Data section
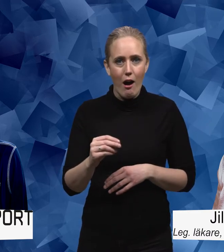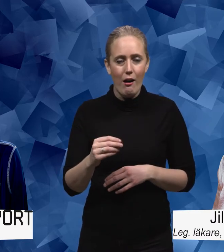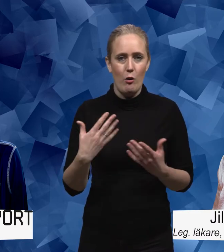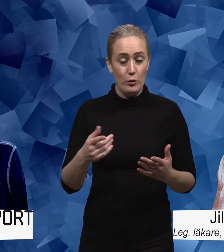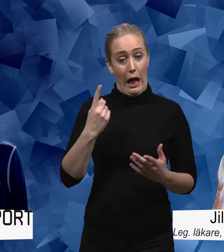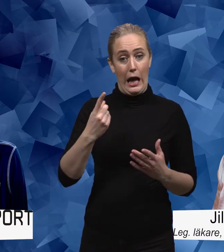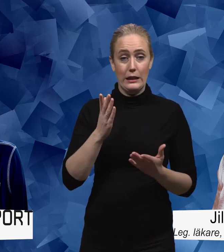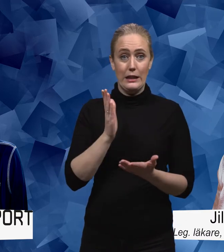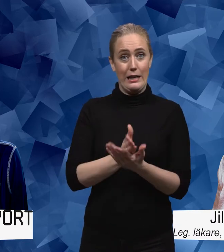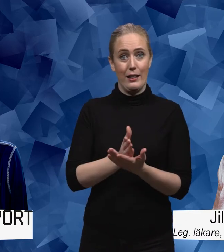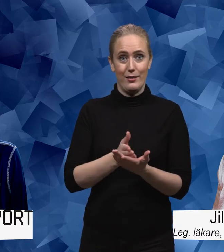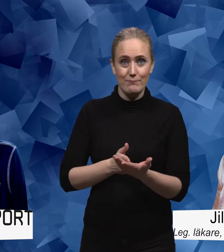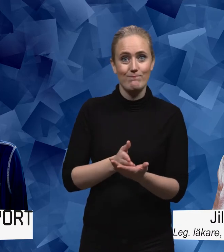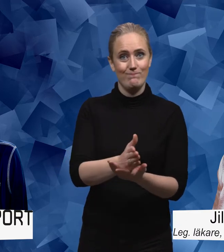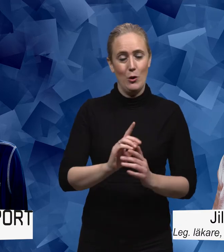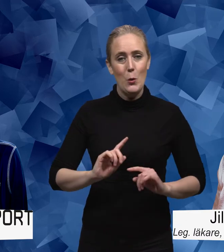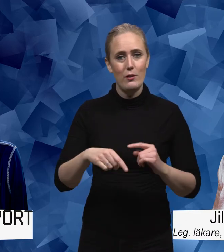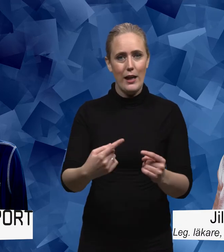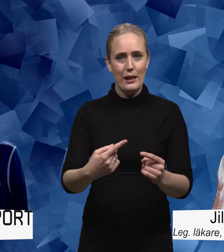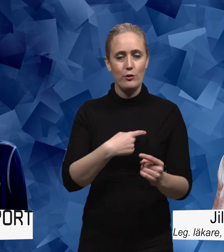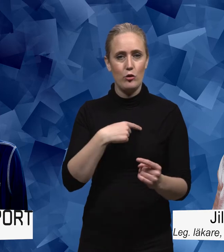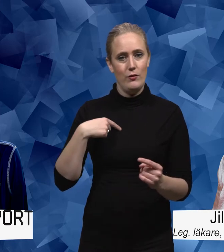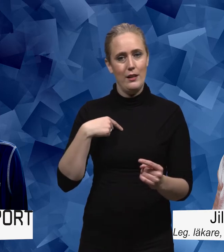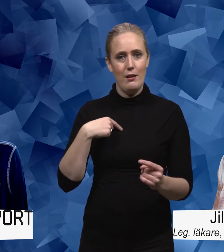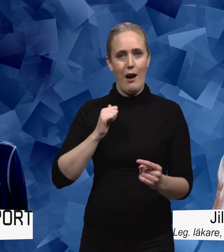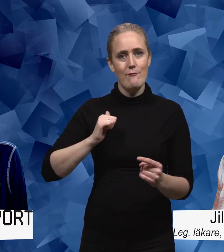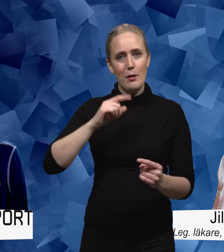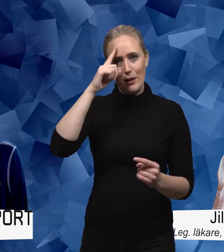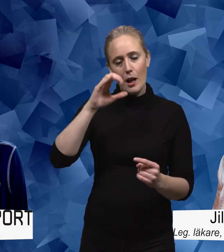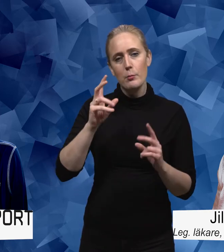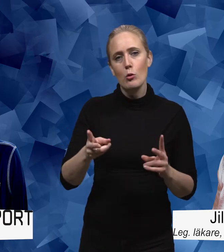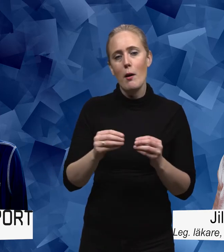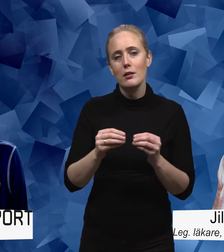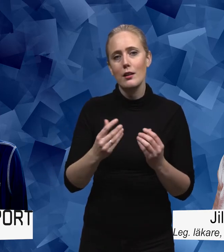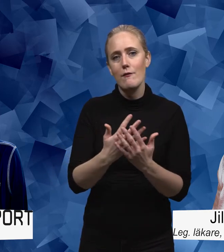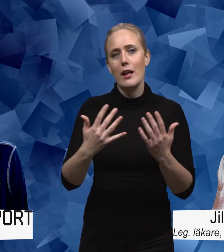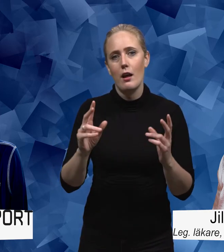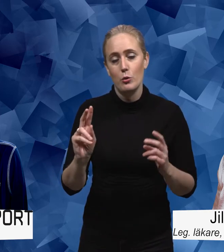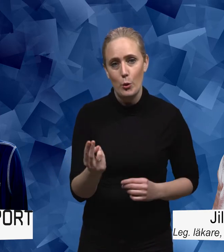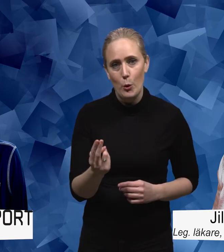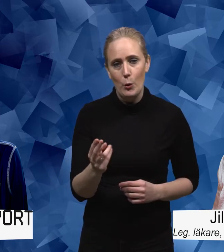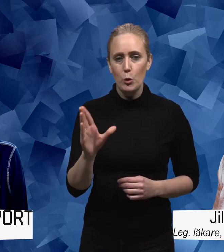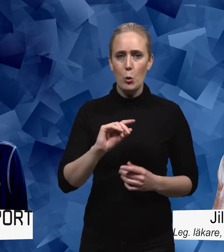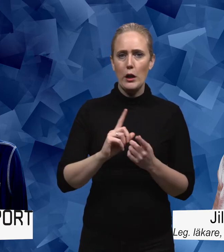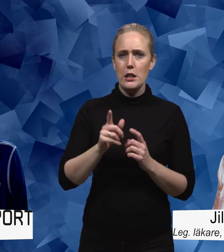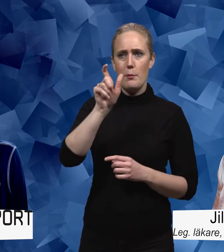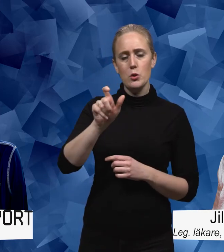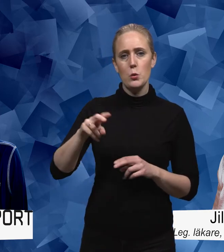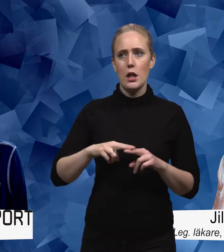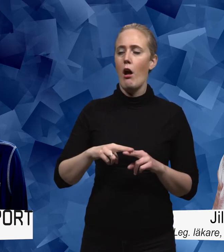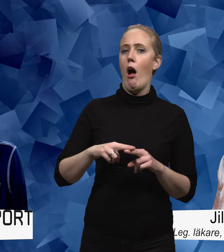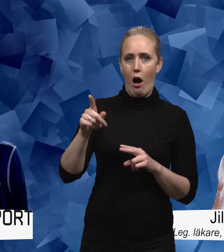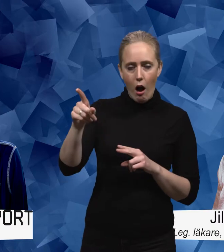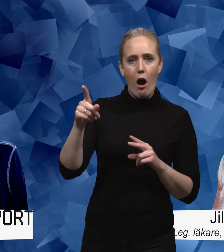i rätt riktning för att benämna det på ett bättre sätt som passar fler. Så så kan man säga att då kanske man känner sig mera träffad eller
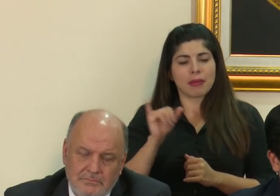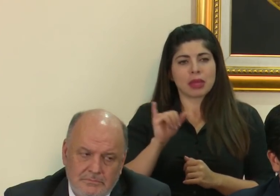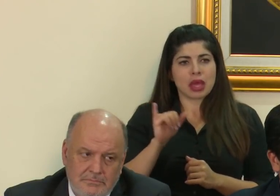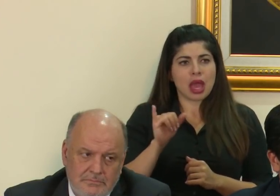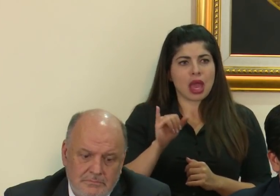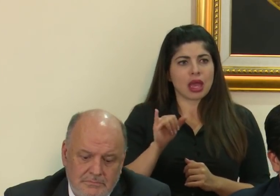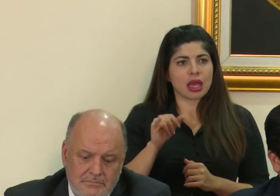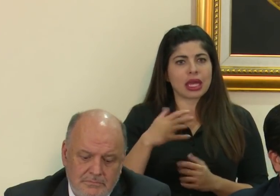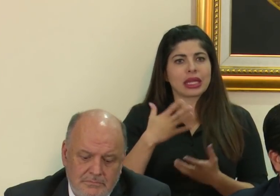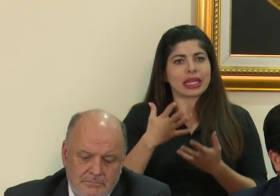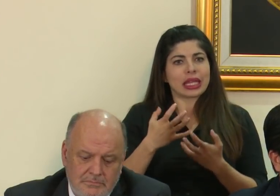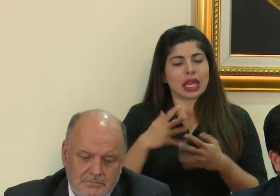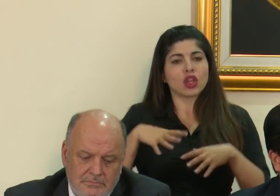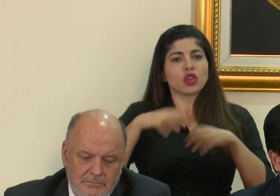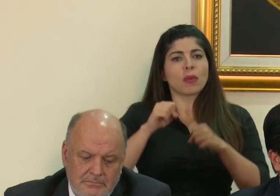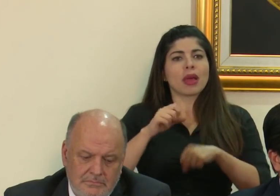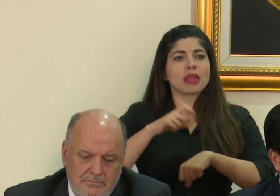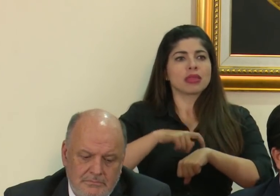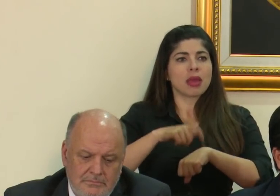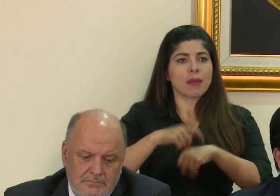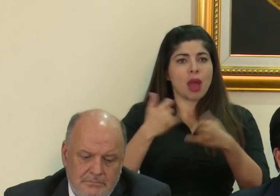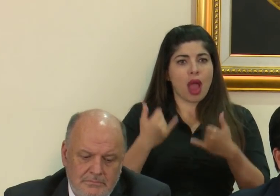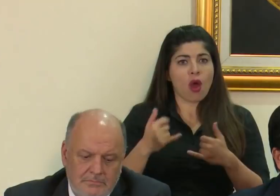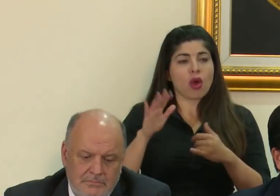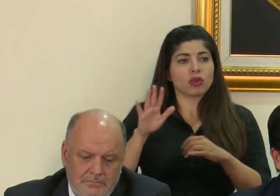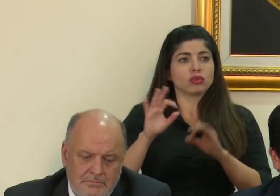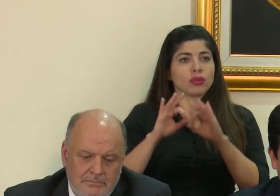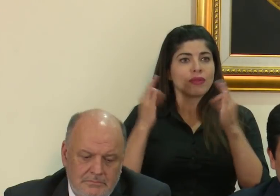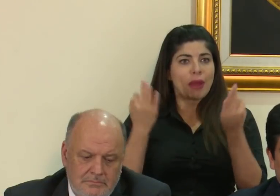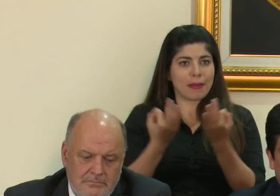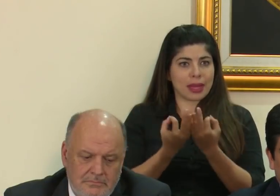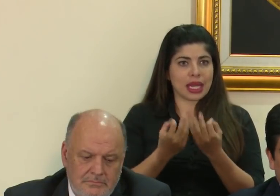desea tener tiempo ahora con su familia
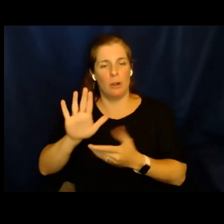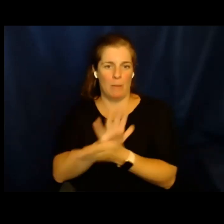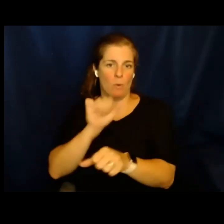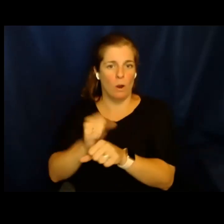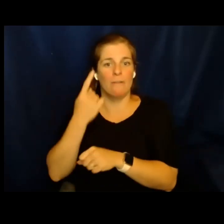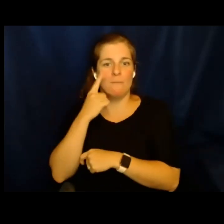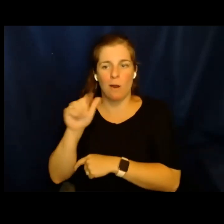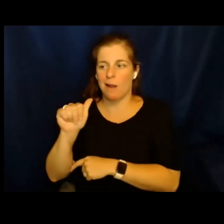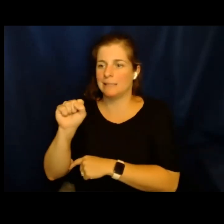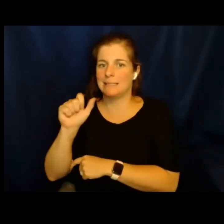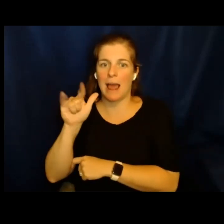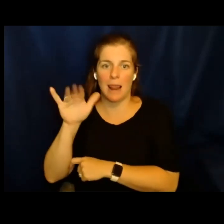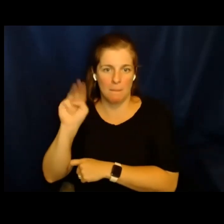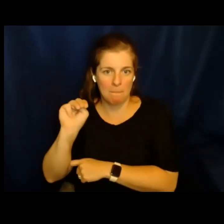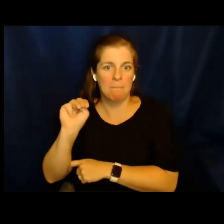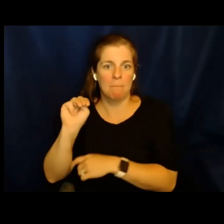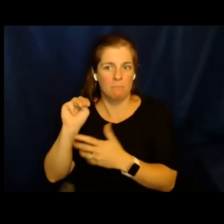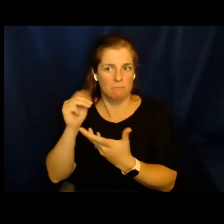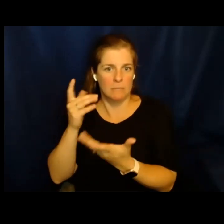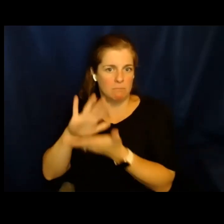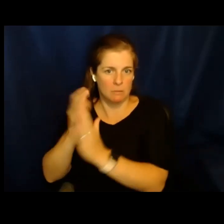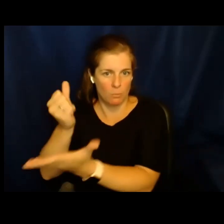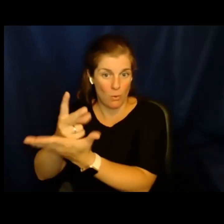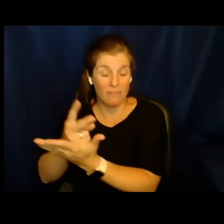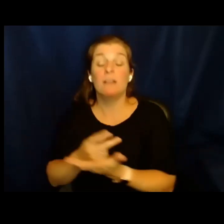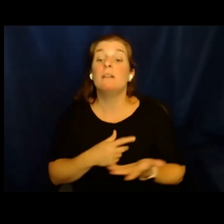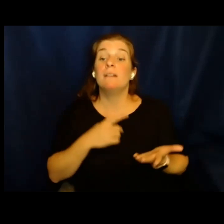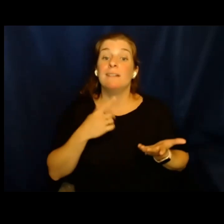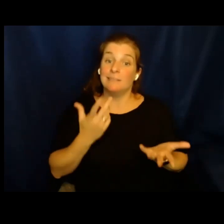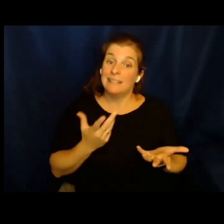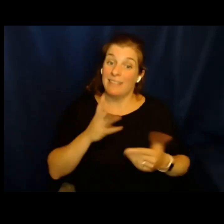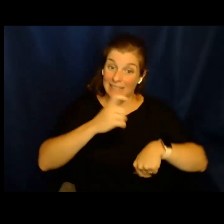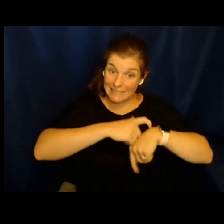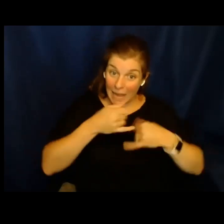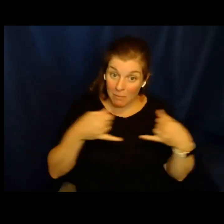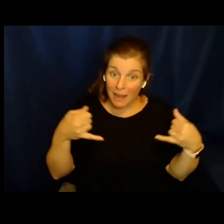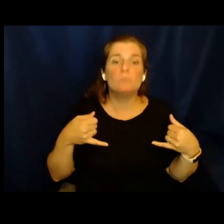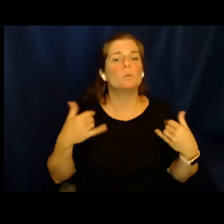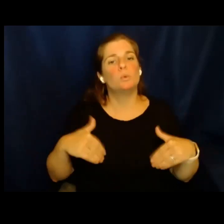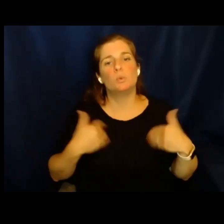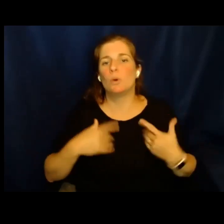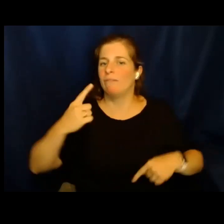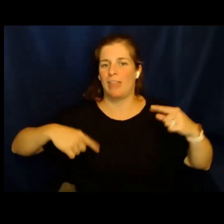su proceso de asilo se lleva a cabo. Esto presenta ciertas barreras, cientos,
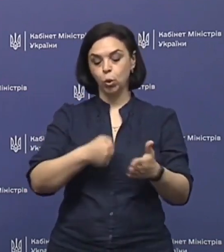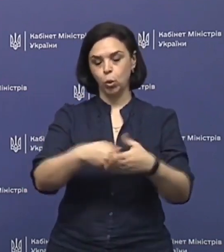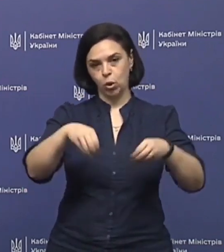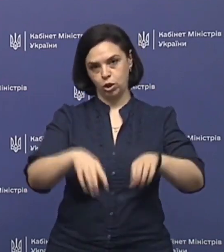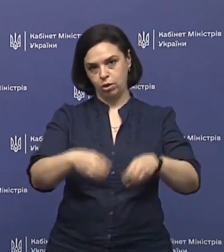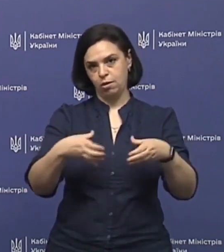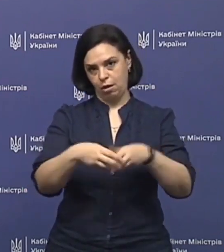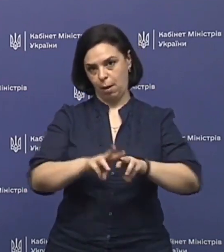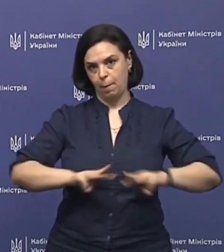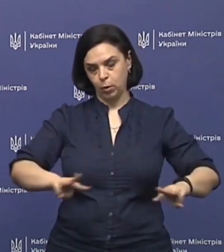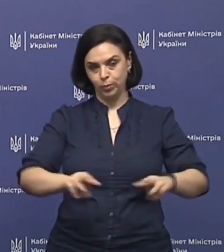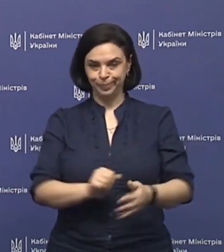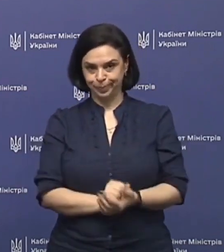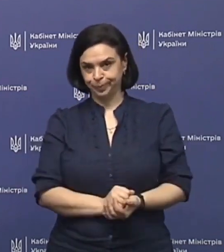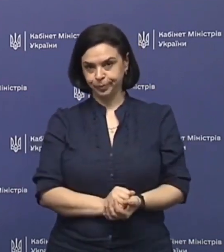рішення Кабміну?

What the exercise asks
Repeat every line above exactly, minus the pictures.

Task result
i rätt riktning för att benämna det på ett bättre sätt som passar fler. Så så kan man säga att då kanske man känner sig mera träffad eller
desea tener tiempo ahora con su familia
su proceso de asilo se lleva a cabo. Esto presenta ciertas barreras, cientos,
рішення Кабміну?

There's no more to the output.